Tentu saja kejadian itu membuat kalut seisi desa. Sebab, ternyata korban-korban yang tewas semakin bertambah dari hari ke hari. Bahkan kali ini tidak hanya perawan atau wanita bersuami, tapi juga pemuda-pemuda dan laki-laki penduduk desa ini.
********************
Ki Gendi berjalan mondar mandir di teras depan rumahnya. Sesekali matanya melirik ke depan, seperti hendak menembus kegelapan malam. Kemudian ketika mengetahui tak ada seorang pun di sana, Kepala Desa Weton Nyelap itu terhenyak kembali di kursi. Lalu, dihisapnya lintingan rokok bakaunya dalam-dalam. Dan mendadak laki-laki setegah baya itu tersentak kaget, ketika seseorang berlari tergopoh gopoh dari arah luar.
"Wongso!

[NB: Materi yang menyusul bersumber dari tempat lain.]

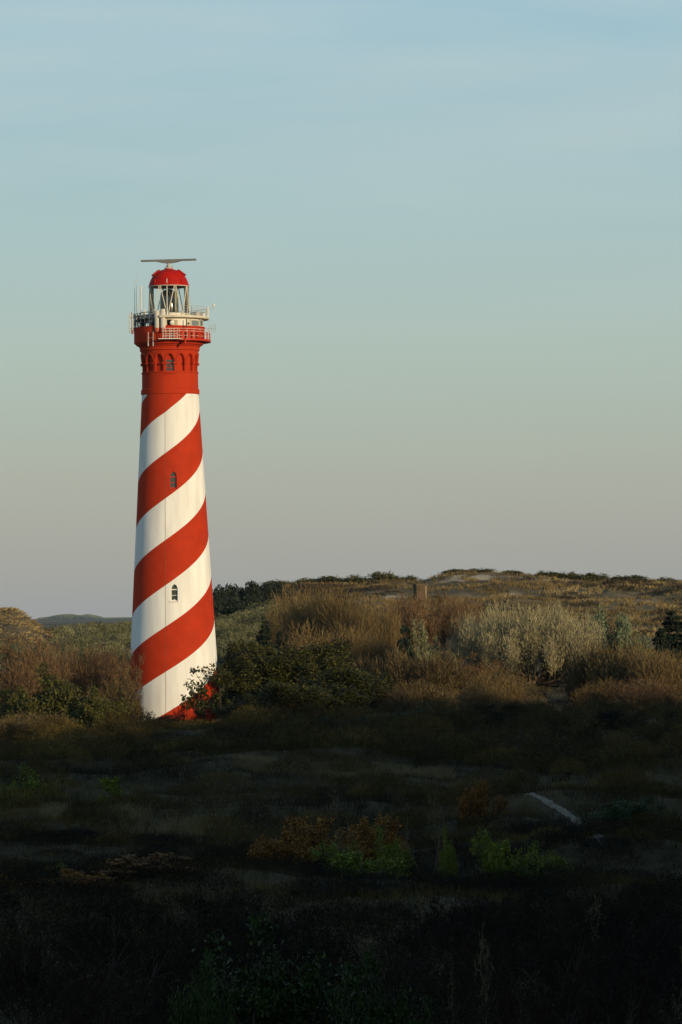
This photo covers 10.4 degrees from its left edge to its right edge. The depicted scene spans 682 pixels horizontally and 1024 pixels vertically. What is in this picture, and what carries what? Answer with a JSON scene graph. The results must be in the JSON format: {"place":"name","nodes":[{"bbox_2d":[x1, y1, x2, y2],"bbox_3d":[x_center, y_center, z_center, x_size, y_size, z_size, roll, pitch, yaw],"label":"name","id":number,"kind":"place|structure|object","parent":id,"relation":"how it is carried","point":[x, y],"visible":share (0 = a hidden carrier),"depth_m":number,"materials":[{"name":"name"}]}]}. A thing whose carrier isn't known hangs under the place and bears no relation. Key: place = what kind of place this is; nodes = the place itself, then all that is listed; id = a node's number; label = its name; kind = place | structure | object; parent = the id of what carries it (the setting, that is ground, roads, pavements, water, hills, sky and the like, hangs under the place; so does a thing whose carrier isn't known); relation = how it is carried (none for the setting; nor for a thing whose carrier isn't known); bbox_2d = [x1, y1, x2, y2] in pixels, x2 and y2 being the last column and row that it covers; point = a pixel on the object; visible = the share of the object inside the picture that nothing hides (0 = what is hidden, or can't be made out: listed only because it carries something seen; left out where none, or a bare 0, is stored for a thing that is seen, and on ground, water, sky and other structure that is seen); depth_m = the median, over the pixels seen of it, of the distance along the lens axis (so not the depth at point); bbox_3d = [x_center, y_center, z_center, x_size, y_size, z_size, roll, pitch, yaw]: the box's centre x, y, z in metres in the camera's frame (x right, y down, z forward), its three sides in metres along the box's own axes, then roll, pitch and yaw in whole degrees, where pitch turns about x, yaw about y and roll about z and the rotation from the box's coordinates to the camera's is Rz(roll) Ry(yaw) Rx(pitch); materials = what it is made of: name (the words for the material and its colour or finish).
{"place":"outdoors","nodes":[
{"label":"outdoors","id":0,"kind":"place"},
{"bbox_2d":[0,572,681,1023],"bbox_3d":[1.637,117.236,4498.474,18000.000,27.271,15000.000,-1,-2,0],"label":"ground","id":1,"kind":"structure","parent":0,"point":[646,856],"depth_m":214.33,"materials":[{"name":"plant"}]},
{"bbox_2d":[0,780,22,810],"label":"green shrub","id":2,"kind":"object","parent":1,"relation":"on","point":[10,787],"visible":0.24,"depth_m":220.99,"materials":[{"name":"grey plant"}]},
{"bbox_2d":[0,717,37,736],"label":"bare shrub","id":3,"kind":"object","parent":1,"relation":"on","point":[9,723],"visible":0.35,"depth_m":346.84,"materials":[{"name":"grey plant"}]},
{"bbox_2d":[0,681,41,719],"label":"olive shrub","id":4,"kind":"object","parent":1,"relation":"on","point":[9,697],"visible":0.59,"depth_m":367.08,"materials":[{"name":"green plant"}]},
{"bbox_2d":[0,631,51,688],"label":"bare tree","id":5,"kind":"object","parent":1,"relation":"on","point":[9,653],"visible":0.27,"depth_m":393.49,"materials":[{"name":"brown plant"}]},
{"bbox_2d":[0,650,63,713],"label":"bare tree","id":6,"kind":"object","parent":1,"relation":"on","point":[32,684],"visible":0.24,"depth_m":382.77,"materials":[{"name":"brown plant"}]},
{"bbox_2d":[2,762,65,807],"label":"green shrub","id":7,"kind":"object","parent":1,"relation":"on","point":[32,782],"visible":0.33,"depth_m":225.17,"materials":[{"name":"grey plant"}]},
{"bbox_2d":[0,710,74,735],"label":"bare shrub","id":8,"kind":"object","parent":1,"relation":"on","point":[31,717],"visible":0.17,"depth_m":350.91,"materials":[{"name":"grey plant"}]},
{"bbox_2d":[3,662,89,724],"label":"olive shrub","id":9,"kind":"object","parent":1,"relation":"on","point":[56,696],"visible":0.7,"depth_m":363.39,"materials":[{"name":"green plant"}]},
{"bbox_2d":[10,630,87,714],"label":"bare tree","id":10,"kind":"object","parent":1,"relation":"on","point":[48,660],"visible":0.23,"depth_m":388.85,"materials":[{"name":"brown plant"}]},
{"bbox_2d":[25,867,115,891],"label":"rusty shrub","id":11,"kind":"object","parent":1,"relation":"on","point":[75,873],"visible":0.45,"depth_m":143.58,"materials":[{"name":"orange plant"}]},
{"bbox_2d":[38,614,131,618],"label":"woods","id":12,"kind":"object","parent":1,"relation":"on","point":[73,616],"visible":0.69,"depth_m":10914.02,"materials":[{"name":"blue plant"}]},
{"bbox_2d":[59,680,134,731],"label":"olive shrub","id":13,"kind":"object","parent":1,"relation":"on","point":[93,712],"visible":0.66,"depth_m":360.92,"materials":[{"name":"green plant"}]},
{"bbox_2d":[71,639,124,697],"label":"bare tree","id":14,"kind":"object","parent":1,"relation":"on","point":[86,678],"visible":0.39,"depth_m":387.69,"materials":[{"name":"brown plant"}]},
{"bbox_2d":[97,774,122,802],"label":"shrub","id":15,"kind":"object","parent":1,"relation":"on","point":[110,785],"visible":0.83,"depth_m":223.73,"materials":[{"name":"green plant"}]},
{"bbox_2d":[81,675,144,727],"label":"bare shrub","id":16,"kind":"object","parent":1,"relation":"on","point":[119,694],"visible":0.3,"depth_m":377.32,"materials":[{"name":"brown plant"}]},
{"bbox_2d":[101,648,145,695],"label":"bare tree","id":17,"kind":"object","parent":1,"relation":"on","point":[127,671],"visible":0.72,"depth_m":382.22,"materials":[{"name":"brown plant"}]},
{"bbox_2d":[91,852,208,879],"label":"rusty shrub","id":18,"kind":"object","parent":1,"relation":"on","point":[128,860],"visible":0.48,"depth_m":147.35,"materials":[{"name":"orange plant"}]},
{"bbox_2d":[141,714,192,724],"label":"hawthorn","id":19,"kind":"object","parent":1,"relation":"on","point":[167,717],"visible":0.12,"depth_m":373.63,"materials":[{"name":"green plant"}]},
{"bbox_2d":[129,259,219,722],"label":"lighthouse","id":20,"kind":"object","parent":1,"relation":"on","point":[173,637],"visible":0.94,"depth_m":397.12,"materials":[{"name":"paint"}]},
{"bbox_2d":[165,354,174,372],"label":"window","id":21,"kind":"structure","parent":20,"relation":"in","point":[169,366],"depth_m":397.84,"materials":[{"name":"glass"}]},
{"bbox_2d":[170,584,178,601],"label":"window","id":22,"kind":"structure","parent":20,"relation":"in","point":[174,590],"depth_m":395.90,"materials":[{"name":"black glass"}]},
{"bbox_2d":[146,895,234,966],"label":"bare shrub","id":23,"kind":"object","parent":1,"relation":"on","point":[190,918],"visible":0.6,"depth_m":119.62,"materials":[{"name":"brown plant"}]},
{"bbox_2d":[165,948,236,1023],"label":"dark green shrub","id":24,"kind":"object","parent":1,"relation":"on","point":[183,1015],"visible":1,"depth_m":83.62,"materials":[{"name":"green plant"}]},
{"bbox_2d":[179,663,235,720],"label":"hawthorn","id":25,"kind":"object","parent":1,"relation":"on","point":[200,705],"visible":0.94,"depth_m":383.95,"materials":[{"name":"green plant"}]},
{"bbox_2d":[212,584,227,617],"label":"pine tree","id":26,"kind":"object","parent":1,"relation":"on","point":[219,594],"visible":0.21,"depth_m":699.00,"materials":[{"name":"green plant"}]},
{"bbox_2d":[0,599,452,691],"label":"sea buckthorn scrub","id":27,"kind":"object","parent":1,"relation":"on","point":[226,628],"visible":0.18,"depth_m":572.30,"materials":[{"name":"plant"}]},
{"bbox_2d":[214,596,248,618],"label":"pine tree","id":28,"kind":"object","parent":1,"relation":"on","point":[232,605],"visible":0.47,"depth_m":688.82,"materials":[{"name":"green plant"}]},
{"bbox_2d":[224,583,239,600],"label":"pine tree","id":29,"kind":"object","parent":1,"relation":"on","point":[232,591],"visible":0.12,"depth_m":705.26,"materials":[{"name":"green plant"}]},
{"bbox_2d":[207,693,267,723],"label":"hawthorn","id":30,"kind":"object","parent":1,"relation":"on","point":[250,698],"visible":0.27,"depth_m":366.19,"materials":[{"name":"green plant"}]},
{"bbox_2d":[33,711,458,836],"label":"dry grass","id":31,"kind":"structure","parent":1,"relation":"on","point":[261,759],"depth_m":246.15,"materials":[{"name":"plant"}]},
{"bbox_2d":[220,638,278,687],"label":"hawthorn","id":32,"kind":"object","parent":1,"relation":"on","point":[243,645],"visible":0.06,"depth_m":407.40,"materials":[{"name":"green plant"}]},
{"bbox_2d":[242,580,263,611],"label":"pine tree","id":33,"kind":"object","parent":1,"relation":"on","point":[252,591],"visible":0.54,"depth_m":707.21,"materials":[{"name":"green plant"}]},
{"bbox_2d":[206,643,322,711],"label":"hawthorn","id":34,"kind":"object","parent":1,"relation":"on","point":[285,667],"visible":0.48,"depth_m":396.28,"materials":[{"name":"green plant"}]},
{"bbox_2d":[255,616,275,647],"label":"spruce tree","id":35,"kind":"object","parent":1,"relation":"on","point":[263,636],"visible":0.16,"depth_m":469.48,"materials":[{"name":"green plant"}]},
{"bbox_2d":[256,585,281,607],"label":"pine tree","id":36,"kind":"object","parent":1,"relation":"on","point":[266,590],"visible":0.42,"depth_m":715.08,"materials":[{"name":"green plant"}]},
{"bbox_2d":[167,903,376,1023],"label":"dark green shrub","id":37,"kind":"object","parent":1,"relation":"on","point":[272,998],"visible":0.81,"depth_m":90.68,"materials":[{"name":"green plant"}]},
{"bbox_2d":[268,582,289,604],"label":"pine tree","id":38,"kind":"object","parent":1,"relation":"on","point":[278,588],"visible":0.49,"depth_m":720.77,"materials":[{"name":"green plant"}]},
{"bbox_2d":[245,827,322,867],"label":"rusty shrub","id":39,"kind":"object","parent":1,"relation":"on","point":[270,848],"visible":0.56,"depth_m":167.06,"materials":[{"name":"brown plant"}]},
{"bbox_2d":[257,584,316,648],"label":"bare tree","id":40,"kind":"object","parent":1,"relation":"on","point":[274,629],"visible":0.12,"depth_m":503.37,"materials":[{"name":"brown plant"}]},
{"bbox_2d":[218,638,361,708],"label":"hawthorn","id":41,"kind":"object","parent":1,"relation":"on","point":[331,654],"visible":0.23,"depth_m":401.44,"materials":[{"name":"green plant"}]},
{"bbox_2d":[258,814,364,864],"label":"rusty shrub","id":42,"kind":"object","parent":1,"relation":"on","point":[315,836],"visible":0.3,"depth_m":171.39,"materials":[{"name":"brown plant"}]},
{"bbox_2d":[247,680,376,717],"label":"hawthorn","id":43,"kind":"object","parent":1,"relation":"on","point":[292,694],"visible":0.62,"depth_m":367.28,"materials":[{"name":"green plant"}]},
{"bbox_2d":[273,578,350,648],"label":"bare tree","id":44,"kind":"object","parent":1,"relation":"on","point":[301,616],"visible":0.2,"depth_m":490.23,"materials":[{"name":"brown plant"}]},
{"bbox_2d":[311,575,346,582],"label":"skyline shrub","id":45,"kind":"object","parent":1,"relation":"on","point":[332,579],"visible":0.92,"depth_m":844.12,"materials":[{"name":"green plant"}]},
{"bbox_2d":[281,617,381,662],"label":"bare tree","id":46,"kind":"object","parent":1,"relation":"on","point":[343,635],"visible":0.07,"depth_m":461.81,"materials":[{"name":"brown plant"}]},
{"bbox_2d":[322,782,353,854],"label":"dead shrub","id":47,"kind":"object","parent":1,"relation":"on","point":[341,837],"visible":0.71,"depth_m":167.39,"materials":[{"name":"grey plant"}]},
{"bbox_2d":[0,816,681,1023],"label":"foreground undergrowth","id":48,"kind":"object","parent":1,"relation":"on","point":[664,971],"visible":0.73,"depth_m":117.78,"materials":[{"name":"plant"}]},
{"bbox_2d":[0,691,681,771],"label":"dark undergrowth","id":49,"kind":"object","parent":1,"relation":"on","point":[422,726],"visible":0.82,"depth_m":286.98,"materials":[{"name":"plant"}]},
{"bbox_2d":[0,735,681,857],"bbox_3d":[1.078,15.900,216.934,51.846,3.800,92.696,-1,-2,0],"label":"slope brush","id":50,"kind":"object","parent":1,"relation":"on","point":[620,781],"visible":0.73,"depth_m":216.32,"materials":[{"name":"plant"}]},
{"bbox_2d":[0,569,681,651],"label":"hill tussocks","id":51,"kind":"object","parent":1,"relation":"on","point":[548,585],"visible":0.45,"depth_m":719.77,"materials":[{"name":"plant"}]},
{"bbox_2d":[0,679,681,726],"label":"brown thicket","id":52,"kind":"object","parent":1,"relation":"on","point":[533,695],"visible":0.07,"depth_m":389.87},
{"bbox_2d":[292,664,394,715],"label":"hawthorn","id":53,"kind":"object","parent":1,"relation":"on","point":[365,681],"visible":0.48,"depth_m":381.13,"materials":[{"name":"green plant"}]},
{"bbox_2d":[311,575,383,643],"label":"bare tree","id":54,"kind":"object","parent":1,"relation":"on","point":[345,616],"visible":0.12,"depth_m":482.58,"materials":[{"name":"brown plant"}]},
{"bbox_2d":[309,841,410,879],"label":"green shrub","id":55,"kind":"object","parent":1,"relation":"on","point":[344,859],"visible":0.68,"depth_m":157.56,"materials":[{"name":"green plant"}]},
{"bbox_2d":[343,574,379,583],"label":"skyline shrub","id":56,"kind":"object","parent":1,"relation":"on","point":[357,578],"visible":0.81,"depth_m":844.68,"materials":[{"name":"green plant"}]},
{"bbox_2d":[346,653,392,676],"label":"bare shrub","id":57,"kind":"object","parent":1,"relation":"on","point":[364,663],"visible":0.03,"depth_m":417.82,"materials":[{"name":"brown plant"}]},
{"bbox_2d":[343,623,396,669],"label":"bush","id":58,"kind":"object","parent":1,"relation":"on","point":[379,652],"visible":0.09,"depth_m":450.76,"materials":[{"name":"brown plant"}]},
{"bbox_2d":[353,594,402,655],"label":"grass clump","id":59,"kind":"object","parent":1,"relation":"on","point":[391,632],"visible":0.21,"depth_m":475.16,"materials":[{"name":"brown plant"}]},
{"bbox_2d":[343,824,414,874],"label":"green shrub","id":60,"kind":"object","parent":1,"relation":"on","point":[389,851],"visible":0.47,"depth_m":162.54,"materials":[{"name":"green plant"}]},
{"bbox_2d":[347,811,415,865],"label":"rusty shrub","id":61,"kind":"object","parent":1,"relation":"on","point":[368,838],"visible":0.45,"depth_m":169.47,"materials":[{"name":"orange plant"}]},
{"bbox_2d":[367,570,397,580],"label":"skyline shrub","id":62,"kind":"object","parent":1,"relation":"on","point":[384,576],"visible":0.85,"depth_m":844.65,"materials":[{"name":"green plant"}]},
{"bbox_2d":[326,941,443,1023],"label":"dark green shrub","id":63,"kind":"object","parent":1,"relation":"on","point":[378,1014],"visible":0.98,"depth_m":87.10,"materials":[{"name":"green plant"}]},
{"bbox_2d":[367,637,437,694],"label":"bare shrub","id":64,"kind":"object","parent":1,"relation":"on","point":[395,667],"visible":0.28,"depth_m":413.05,"materials":[{"name":"brown plant"}]},
{"bbox_2d":[390,624,416,667],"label":"dark juniper","id":65,"kind":"object","parent":1,"relation":"on","point":[405,643],"visible":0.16,"depth_m":422.06,"materials":[{"name":"green plant"}]},
{"bbox_2d":[383,587,443,654],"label":"bare tree","id":66,"kind":"object","parent":1,"relation":"on","point":[414,611],"visible":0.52,"depth_m":519.73,"materials":[{"name":"brown plant"}]},
{"bbox_2d":[374,676,458,714],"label":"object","id":67,"kind":"object","parent":1,"relation":"on","point":[413,695],"visible":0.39,"depth_m":382.74,"materials":[{"name":"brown plant"}]},
{"bbox_2d":[412,584,427,600],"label":"brick hut","id":68,"kind":"object","parent":1,"relation":"on","point":[417,590],"visible":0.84,"depth_m":718.91,"materials":[{"name":"concrete"}]},
{"bbox_2d":[398,786,449,871],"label":"dead shrub","id":69,"kind":"object","parent":1,"relation":"on","point":[438,841],"visible":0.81,"depth_m":165.63,"materials":[{"name":"brown plant"}]},
{"bbox_2d":[345,893,513,958],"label":"bare shrub","id":70,"kind":"object","parent":1,"relation":"on","point":[442,907],"visible":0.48,"depth_m":121.83,"materials":[{"name":"brown plant"}]},
{"bbox_2d":[406,588,458,653],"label":"bare tree","id":71,"kind":"object","parent":1,"relation":"on","point":[438,602],"visible":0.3,"depth_m":530.17,"materials":[{"name":"brown plant"}]},
{"bbox_2d":[408,615,458,700],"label":"silver shrub","id":72,"kind":"object","parent":1,"relation":"on","point":[422,639],"visible":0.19,"depth_m":427.25,"materials":[{"name":"green plant"}]},
{"bbox_2d":[401,643,472,699],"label":"bare shrub","id":73,"kind":"object","parent":1,"relation":"on","point":[448,674],"visible":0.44,"depth_m":410.14,"materials":[{"name":"brown plant"}]},
{"bbox_2d":[432,824,458,880],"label":"green shrub","id":74,"kind":"object","parent":1,"relation":"on","point":[446,862],"visible":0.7,"depth_m":159.61,"materials":[{"name":"green plant"}]},
{"bbox_2d":[433,592,485,654],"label":"bare tree","id":75,"kind":"object","parent":1,"relation":"on","point":[454,614],"visible":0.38,"depth_m":521.17,"materials":[{"name":"brown plant"}]},
{"bbox_2d":[259,576,681,635],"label":"hill scrub","id":76,"kind":"object","parent":1,"relation":"on","point":[573,582],"visible":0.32,"depth_m":764.05,"materials":[{"name":"plant"}]},
{"bbox_2d":[445,921,496,1023],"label":"dead shrub","id":77,"kind":"object","parent":1,"relation":"on","point":[486,956],"visible":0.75,"depth_m":99.67,"materials":[{"name":"brown plant"}]},
{"bbox_2d":[457,651,503,693],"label":"bare tree","id":78,"kind":"object","parent":1,"relation":"on","point":[479,671],"visible":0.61,"depth_m":416.41,"materials":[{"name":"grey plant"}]},
{"bbox_2d":[456,779,510,825],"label":"rusty shrub","id":79,"kind":"object","parent":1,"relation":"on","point":[479,801],"visible":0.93,"depth_m":195.26,"materials":[{"name":"orange plant"}]},
{"bbox_2d":[444,599,525,679],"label":"bush","id":80,"kind":"object","parent":1,"relation":"on","point":[455,642],"visible":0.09,"depth_m":438.86,"materials":[{"name":"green plant"}]},
{"bbox_2d":[454,681,521,712],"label":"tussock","id":81,"kind":"object","parent":1,"relation":"on","point":[485,699],"visible":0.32,"depth_m":375.03,"materials":[{"name":"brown plant"}]},
{"bbox_2d":[465,663,529,704],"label":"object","id":82,"kind":"object","parent":1,"relation":"on","point":[512,685],"visible":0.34,"depth_m":394.64,"materials":[{"name":"brown plant"}]},
{"bbox_2d":[470,825,538,878],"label":"green shrub","id":83,"kind":"object","parent":1,"relation":"on","point":[493,857],"visible":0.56,"depth_m":161.60,"materials":[{"name":"green plant"}]},
{"bbox_2d":[456,599,612,699],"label":"shrub","id":84,"kind":"object","parent":1,"relation":"on","point":[553,640],"visible":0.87,"depth_m":428.41,"materials":[{"name":"grey plant"}]},
{"bbox_2d":[493,840,575,882],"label":"green shrub","id":85,"kind":"object","parent":1,"relation":"on","point":[554,858],"visible":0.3,"depth_m":159.60,"materials":[{"name":"green plant"}]},
{"bbox_2d":[526,793,609,843],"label":"sand path","id":86,"kind":"structure","parent":1,"relation":"on","point":[558,808],"depth_m":207.34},
{"bbox_2d":[558,639,626,700],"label":"bare shrub","id":87,"kind":"object","parent":1,"relation":"on","point":[575,675],"visible":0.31,"depth_m":413.02,"materials":[{"name":"brown plant"}]},
{"bbox_2d":[568,671,639,715],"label":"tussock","id":88,"kind":"object","parent":1,"relation":"on","point":[595,691],"visible":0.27,"depth_m":386.76,"materials":[{"name":"brown plant"}]},
{"bbox_2d":[587,896,632,965],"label":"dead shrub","id":89,"kind":"object","parent":1,"relation":"on","point":[599,906],"visible":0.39,"depth_m":117.71,"materials":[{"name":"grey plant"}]},
{"bbox_2d":[586,600,635,657],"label":"blue green shrub","id":90,"kind":"object","parent":1,"relation":"on","point":[619,625],"visible":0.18,"depth_m":440.21,"materials":[{"name":"green plant"}]},
{"bbox_2d":[582,708,651,730],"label":"dark shrub","id":91,"kind":"object","parent":1,"relation":"on","point":[615,713],"visible":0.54,"depth_m":335.71,"materials":[{"name":"green plant"}]},
{"bbox_2d":[566,878,681,943],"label":"bare shrub","id":92,"kind":"object","parent":1,"relation":"on","point":[651,896],"visible":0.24,"depth_m":125.79,"materials":[{"name":"brown plant"}]},
{"bbox_2d":[582,626,667,709],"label":"bare shrub","id":93,"kind":"object","parent":1,"relation":"on","point":[614,665],"visible":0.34,"depth_m":408.89,"materials":[{"name":"brown plant"}]},
{"bbox_2d":[603,574,647,580],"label":"skyline shrub","id":94,"kind":"object","parent":1,"relation":"on","point":[626,577],"visible":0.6,"depth_m":844.53,"materials":[{"name":"green plant"}]},
{"bbox_2d":[585,795,668,826],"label":"dark green shrub","id":95,"kind":"object","parent":1,"relation":"on","point":[614,811],"visible":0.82,"depth_m":194.45,"materials":[{"name":"green plant"}]},
{"bbox_2d":[614,608,651,660],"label":"blue green shrub","id":96,"kind":"object","parent":1,"relation":"on","point":[626,619],"visible":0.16,"depth_m":436.34,"materials":[{"name":"green plant"}]},
{"bbox_2d":[605,671,681,716],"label":"bare shrub","id":97,"kind":"object","parent":1,"relation":"on","point":[647,696],"visible":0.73,"depth_m":384.27,"materials":[{"name":"brown plant"}]},
{"bbox_2d":[624,645,681,707],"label":"bare shrub","id":98,"kind":"object","parent":1,"relation":"on","point":[670,672],"visible":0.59,"depth_m":401.87,"materials":[{"name":"brown plant"}]},
{"bbox_2d":[652,627,677,706],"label":"spruce tree","id":99,"kind":"object","parent":1,"relation":"on","point":[660,642],"visible":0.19,"depth_m":419.36,"materials":[{"name":"green plant"}]},
{"bbox_2d":[651,611,681,681],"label":"spruce tree","id":100,"kind":"object","parent":1,"relation":"on","point":[672,638],"visible":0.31,"depth_m":423.30,"materials":[{"name":"green plant"}]},
{"bbox_2d":[0,0,681,618],"label":"sky","id":101,"kind":"structure","parent":0,"point":[435,245],"materials":[{"name":"blue"}]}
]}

Sudah kau temukan dia?" tanya Gendi, langsung bangkit dari duduknya.
Seorang laki-laki bertubuh kurus dengan kumis jarang tak beraturan, menganggukkan kepala.
"Di mana?" tanya kepala desa itu.
"Di rumah Ki Sumarja."
"Gila! Tua bangka itu ternyata masih doyan perempuan juga!" desis Ki Gendi.
"Kita akan menggerebeknya sekarang, Ki?"
"Apa kau yakin kalau perempuan itu yang menyebabkan malapetaka di desa kita ini?"
Wongso mengangguk cepat "Semua orang tahu kalau dia memang perempuan nakal dan penggoda suami orang...."
"Hm.... Alasan lainnya?"
"Semua orang juga tahu, kalau habis bercinta dengannya maka laki-laki itu terserang penyakit yang menjijikkan. Lalu, tak berapa lama laki-laki itu tewas. Dan dia tak sendiri, Ki. Tapi berdua dengan seorang pemuda tanggung berwajah tampan. Pada mulanya, tak ada seorang pun yang mengenalnya. Tapi seorang penduduk desa telah mengenali wajahnya, saat bersama seorang gadis penduduk desa ini," jelas Wongso.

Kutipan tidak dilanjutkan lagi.